── RECORD EXCERPTS ──
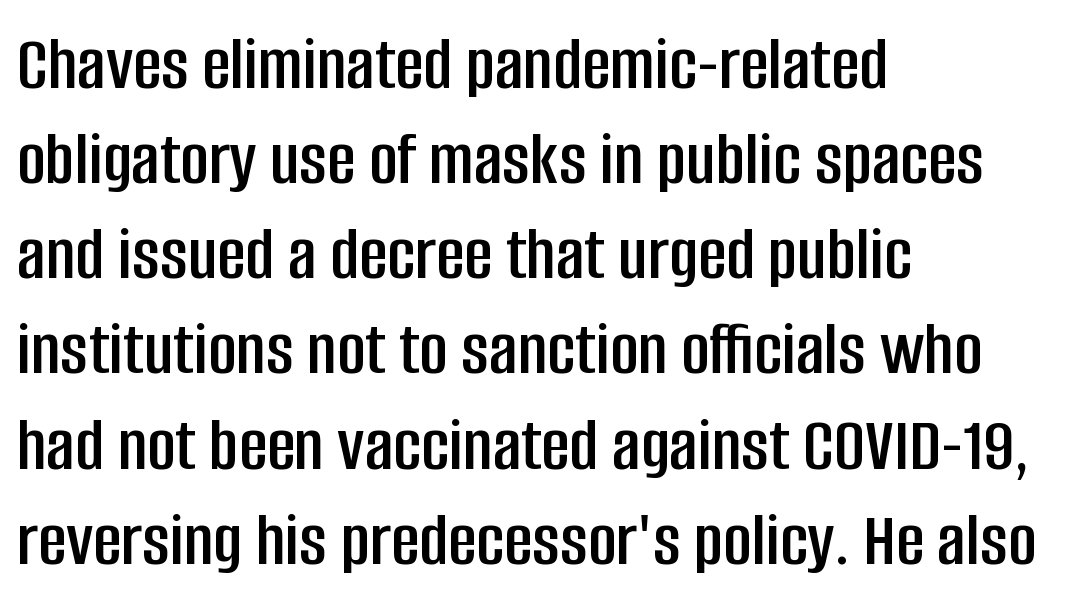
{"serif": "no", "italic": "no", "width": "condensed", "stroke_contrast": "low", "x_height": "large", "monospaced": "no", "underline": "no", "align": "left", "line_spacing_ratio": 1.22, "letter_spacing": "normal", "letter_spacing_em": 0.0, "glyph_px": 78}
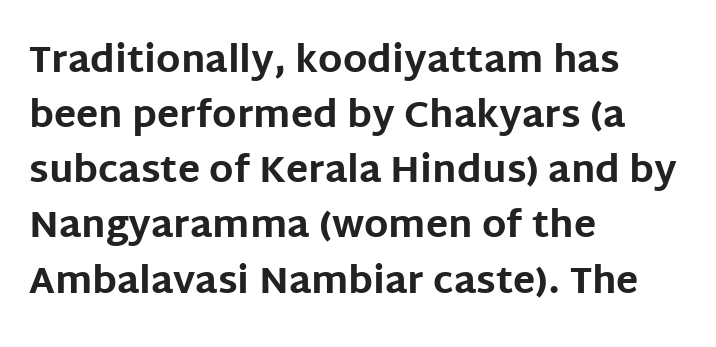
Quick note: interline space is typical. Chunky letters — that's bold for sure. This rendering leaves character spacing at its baseline value. Serif or sans? Sans — the stroke terminals are bare.
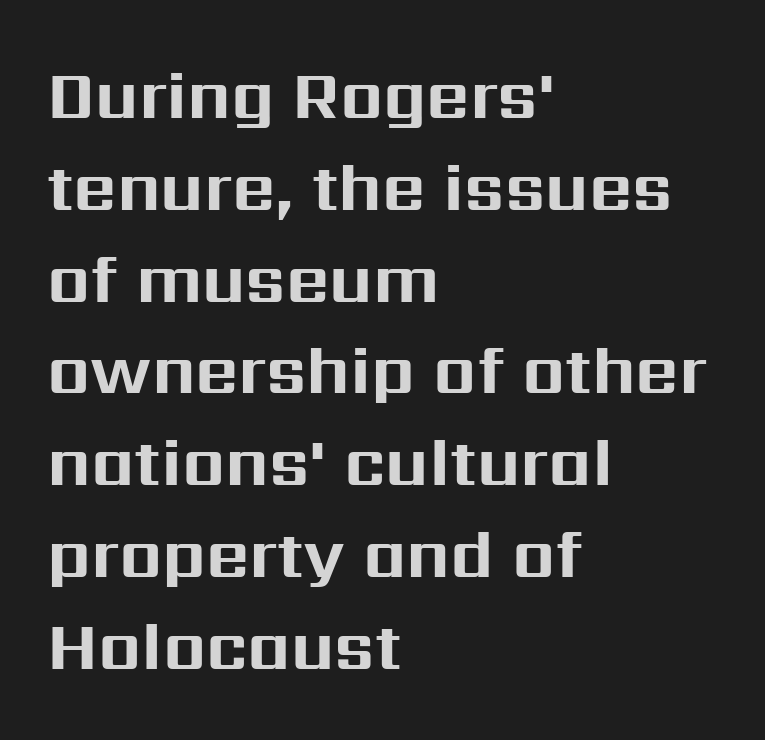
The image shows 67 px bold sans-serif type, upright; set left-aligned, normal line spacing (1.37x), normal letter spacing, not underlined; medium stroke contrast and a medium x-height.
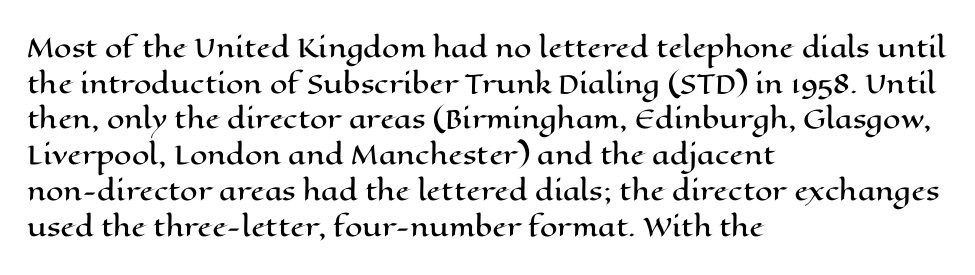
Glyph-to-glyph distance matches everyday printed text. The baseline area is clear. These lines are set flush left with a ragged right edge. Designer's note — italics off, roman on. The rendering uses a moderate line-height, typical for paragraphs.
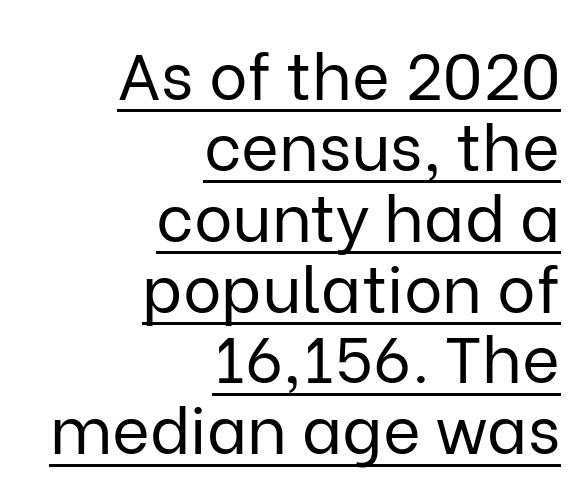
Stroke terminals: plain, sans-serif. There is no visible air inserted between adjacent glyphs. This rendering uses right alignment, leaving the left contour irregular. Underline: present. Note the varied advance widths — an 'i' is clearly narrower than an 'm'.
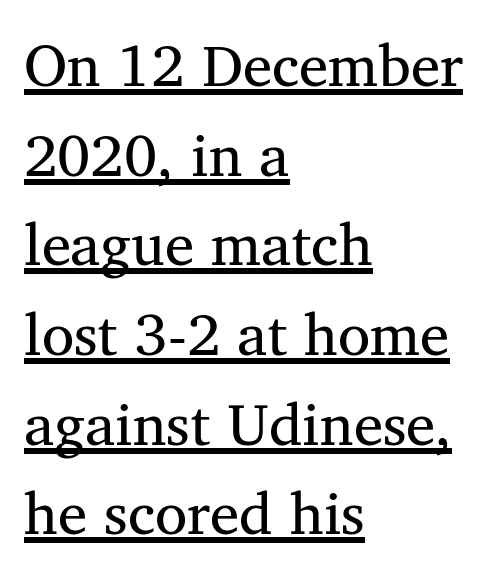
{"serif": "yes", "bold": "no", "weight": "regular", "width": "normal", "stroke_contrast": "medium", "x_height": "medium", "monospaced": "no", "underline": "yes", "align": "left", "line_spacing": "normal", "line_spacing_ratio": 1.52, "letter_spacing": "normal", "letter_spacing_em": 0.0, "glyph_px": 59}
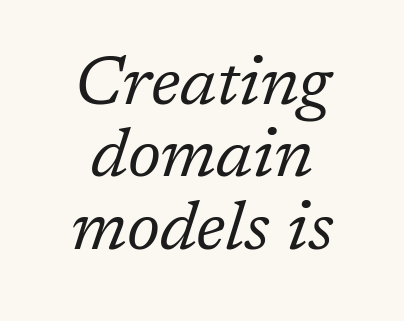
{"serif": "yes", "italic": "yes", "lean": "right", "slant_degrees": 17, "bold": "no", "weight": "regular", "width": "normal", "stroke_contrast": "low", "x_height": "medium", "monospaced": "no", "underline": "no", "line_spacing": "tight", "line_spacing_ratio": 1.05, "letter_spacing": "normal", "letter_spacing_em": 0.0, "glyph_px": 69}
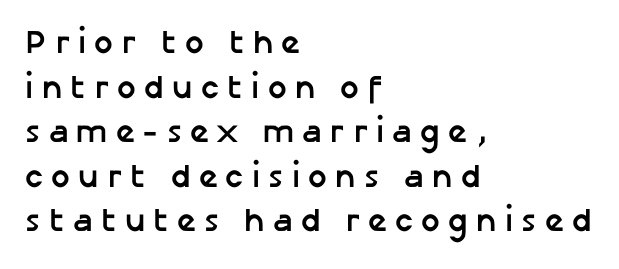
Layout note: lines flush left. Stroke terminals: plain, sans-serif. The line-height multiplier appears to be the usual default. Honestly, the letter spacing is so wide it's the main thing you notice. The face used here is proportionally spaced, like ordinary book or web type. Does the lettering tilt? It doesn't — this is upright.
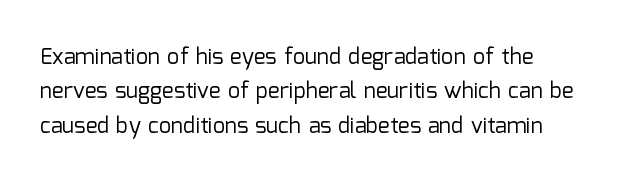
Q: Is the text bold? A: No.
Q: Is the text italic (slanted)? A: No, it is upright.
Q: Is the text underlined? A: No.
Q: Is the spacing between letters normal or unusually wide? A: Normal.
Q: Is the spacing between lines tight, normal or loose? A: Normal.
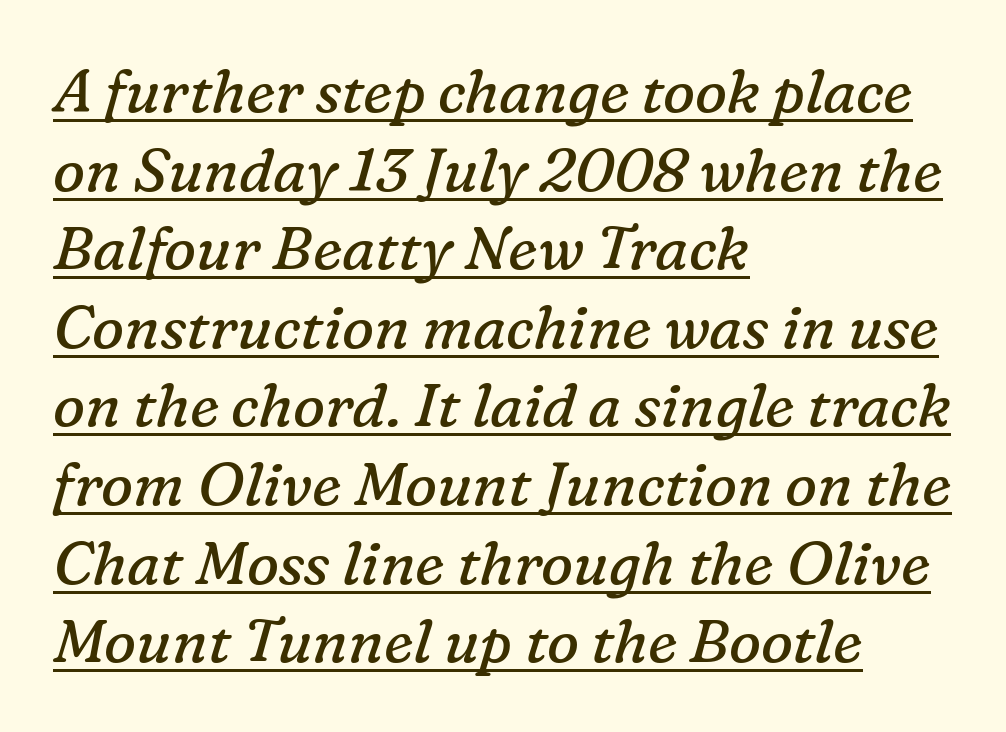
The image shows 60 px regular-weight serif type, italic (leaning right); set left-aligned, normal line spacing (1.31x), normal letter spacing, underlined; low stroke contrast and a medium x-height.
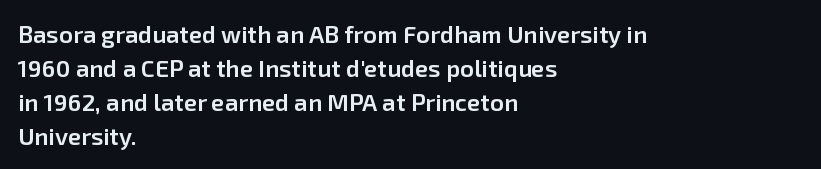
The image shows 24 px text type, upright; set left-aligned, normal line spacing (1.42x), normal letter spacing, not underlined.
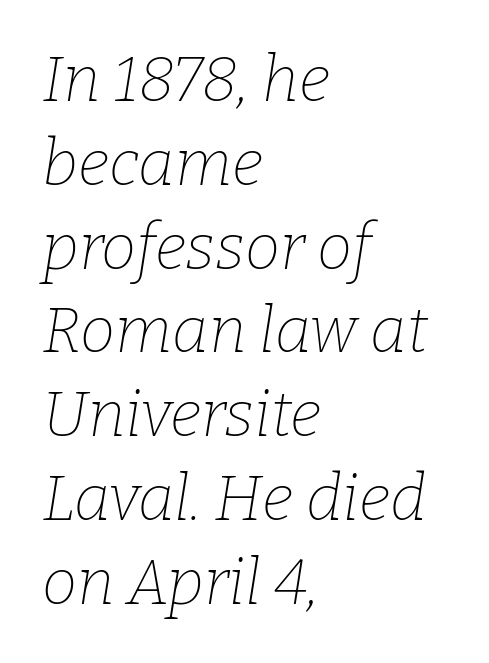
Q: Is the text bold? A: No.
Q: Is the text italic (slanted)? A: Yes, it leans right by about 9 degrees.
Q: Is the typeface a serif or a sans-serif typeface? A: Serif.
Q: Is the text underlined? A: No.
Q: How is the paragraph aligned? A: Left-aligned.
Q: Is the spacing between letters normal or unusually wide? A: Normal.
Q: Is the spacing between lines tight, normal or loose? A: Normal.
Q: Width (condensed, normal, or wide)? A: Normal.
Q: Stroke contrast? A: Low.
Q: x-height? A: Medium.
Q: Monospaced? A: No.
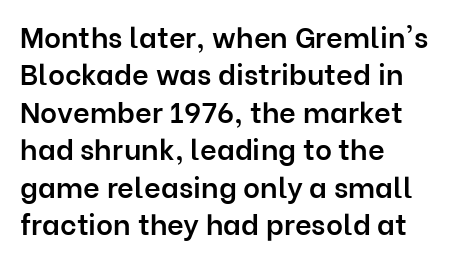
The image shows 29 px semibold sans-serif type, upright; set left-aligned, normal line spacing (1.29x), normal letter spacing, not underlined; low stroke contrast and a medium x-height.
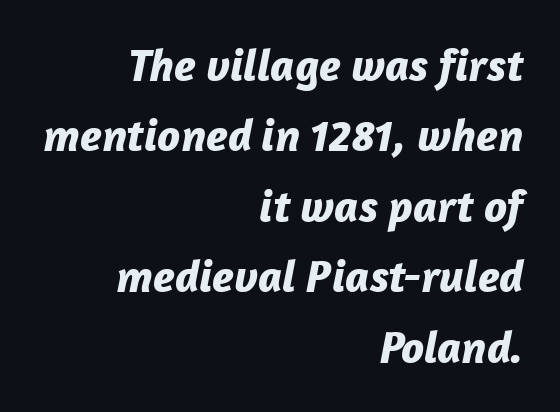
Q: Is the text bold? A: Yes.
Q: Is the text italic (slanted)? A: Yes, it leans right by about 12 degrees.
Q: Is the text underlined? A: No.
Q: How is the paragraph aligned? A: Right-aligned.
Q: Is the spacing between letters normal or unusually wide? A: Normal.
Q: Is the spacing between lines tight, normal or loose? A: Normal.
Q: Width (condensed, normal, or wide)? A: Normal.
Q: Stroke contrast? A: Low.
Q: x-height? A: Medium.
Q: Monospaced? A: No.
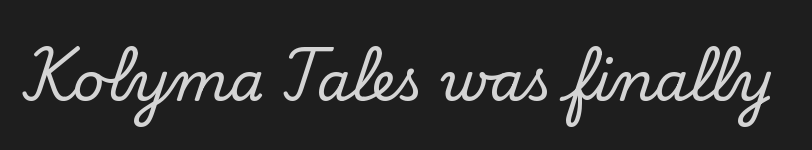
The image shows 54 px serif type; set normal letter spacing, not underlined; low stroke contrast and a small x-height.
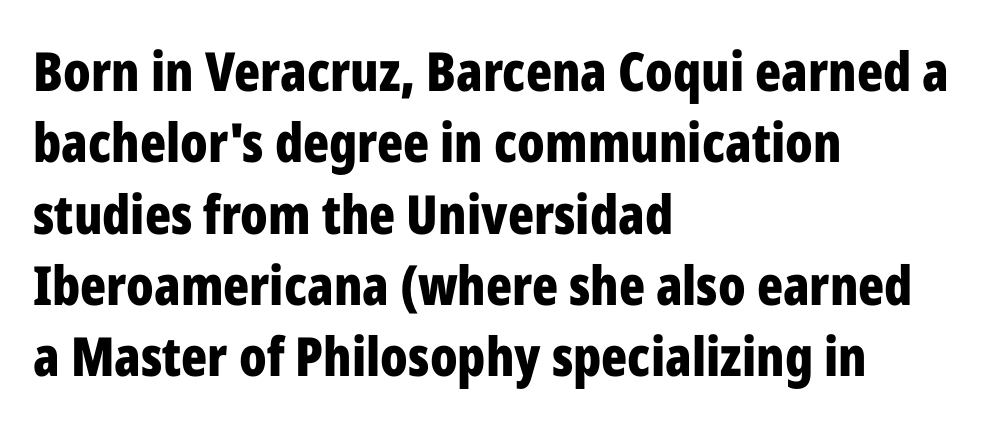
Think of a printed novel: that variable character pitch is what you see here. Thick stems and heavy bowls — unmistakably bold. Casual observation: everything's shoved over to the left. A typesetter would call this leading conventional body-copy spacing. What stands out about the letter spacing? Nothing — it is the standard amount.
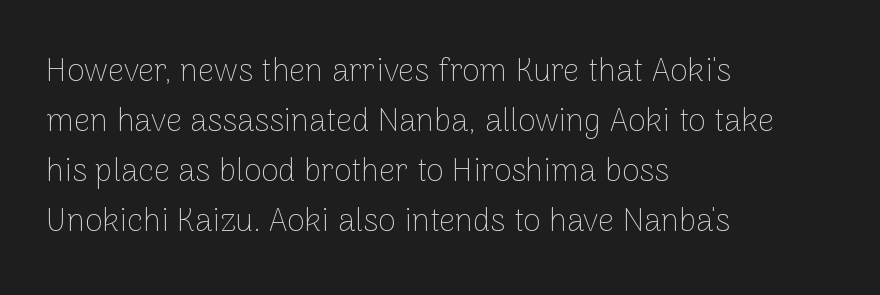
Q: Is the text bold? A: No.
Q: Is the text italic (slanted)? A: No, it is upright.
Q: Is the typeface a serif or a sans-serif typeface? A: Sans-serif.
Q: Is the text underlined? A: No.
Q: How is the paragraph aligned? A: Left-aligned.
Q: Is the spacing between letters normal or unusually wide? A: Normal.
Q: Is the spacing between lines tight, normal or loose? A: Normal.
Q: Width (condensed, normal, or wide)? A: Normal.
Q: Stroke contrast? A: Low.
Q: x-height? A: Medium.
Q: Monospaced? A: No.
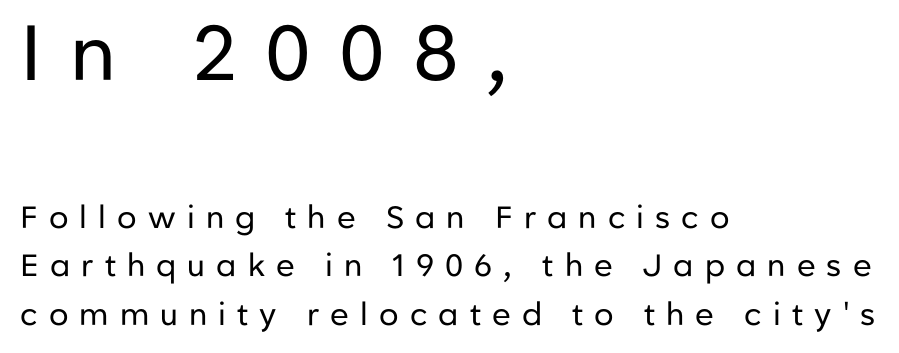
Regarding leading, the lines here are spaced in the standard way. The font family rendered here belongs to the sans-serif group. The paragraph shown leans on its left margin. Glance below the letters and you will spot only blank space.
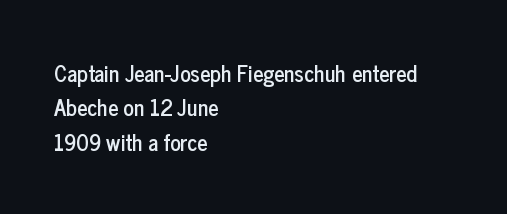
───
■ ASSIGNMENT ■
If the string "shows" appears in a line of the data above, that line counts. State how many such lines there are and nothing more.

■ SOLVED EXERCISE ■
5